Optimal Efficiency of Self-Assembling Light-Harvesting Arrays
Ji-Hyun Kim, Jianshu Cao

TL;DR
This paper investigates how network structure, transfer rates, and component ratios influence energy transfer efficiency in self-assembling light-harvesting arrays, providing analytical and simulation insights for optimal design.
Contribution
It offers analytical expressions and design principles for optimizing energy transfer efficiency in complex chromophore networks, including higher-dimensional and self-assembling structures.
Findings
Efficiency increases steeply with D-to-A transfer rate when decay is slow.
Introducing B chromophores can improve efficiency in certain systems.

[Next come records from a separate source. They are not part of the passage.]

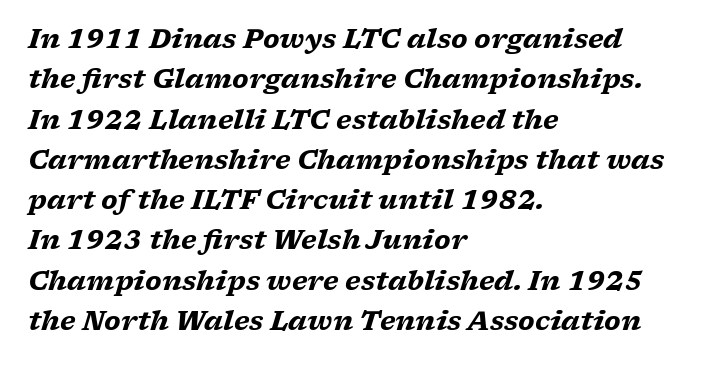
Quick note: interline space is typical. Underlining? Definitely not there. Weight: bold. Horizontally, the lines are justified to the leading edge only. Characters are canted at an angle relative to the baseline's perpendicular.
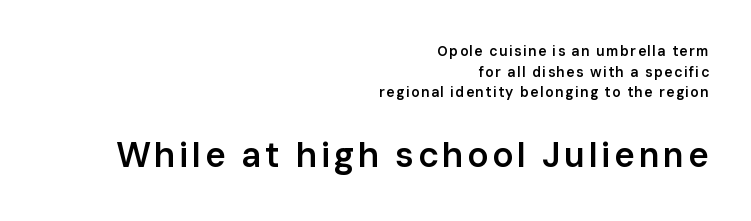
Q: Is the text bold? A: Semi-bold.
Q: Is the text italic (slanted)? A: No, it is upright.
Q: Is the typeface a serif or a sans-serif typeface? A: Sans-serif.
Q: Is the text underlined? A: No.
Q: How is the paragraph aligned? A: Right-aligned.
Q: Is the spacing between lines tight, normal or loose? A: Normal.
Q: Which block of text is set in a larger size, the first (top) or the second (bottom)? A: The second (bottom) one.
Q: Width (condensed, normal, or wide)? A: Normal.
Q: Stroke contrast? A: Low.
Q: x-height? A: Medium.
Q: Monospaced? A: No.

Staggered conformations are more efficient than eclipsed in stacked-disk models.
Abstract
Using a classical master equation that describes energy transfer over a given lattice, we explore how energy transfer efficiency along with the photon capturing ability depends on network connectivity, on transfer rates, and on volume fractions - the numbers and relative ratio of fluorescence chromophore components, e.g., donor (D), acceptor (A), and bridge (B) chromophores. For a one-dimensional AD array, the exact analytical expression for efficiency shows a steep increase with a D-to-A transfer rate when a spontaneous decay is sufficiently slow. This result implies that the introduction of B chromophores can be a useful method for improving efficiency for a two-component AD system with inefficient D-to-A transfer and slow spontaneous decay. Analysis of this one-dimensional system can be extended to higher-dimensional systems with chromophores arranged in structures such as a helical…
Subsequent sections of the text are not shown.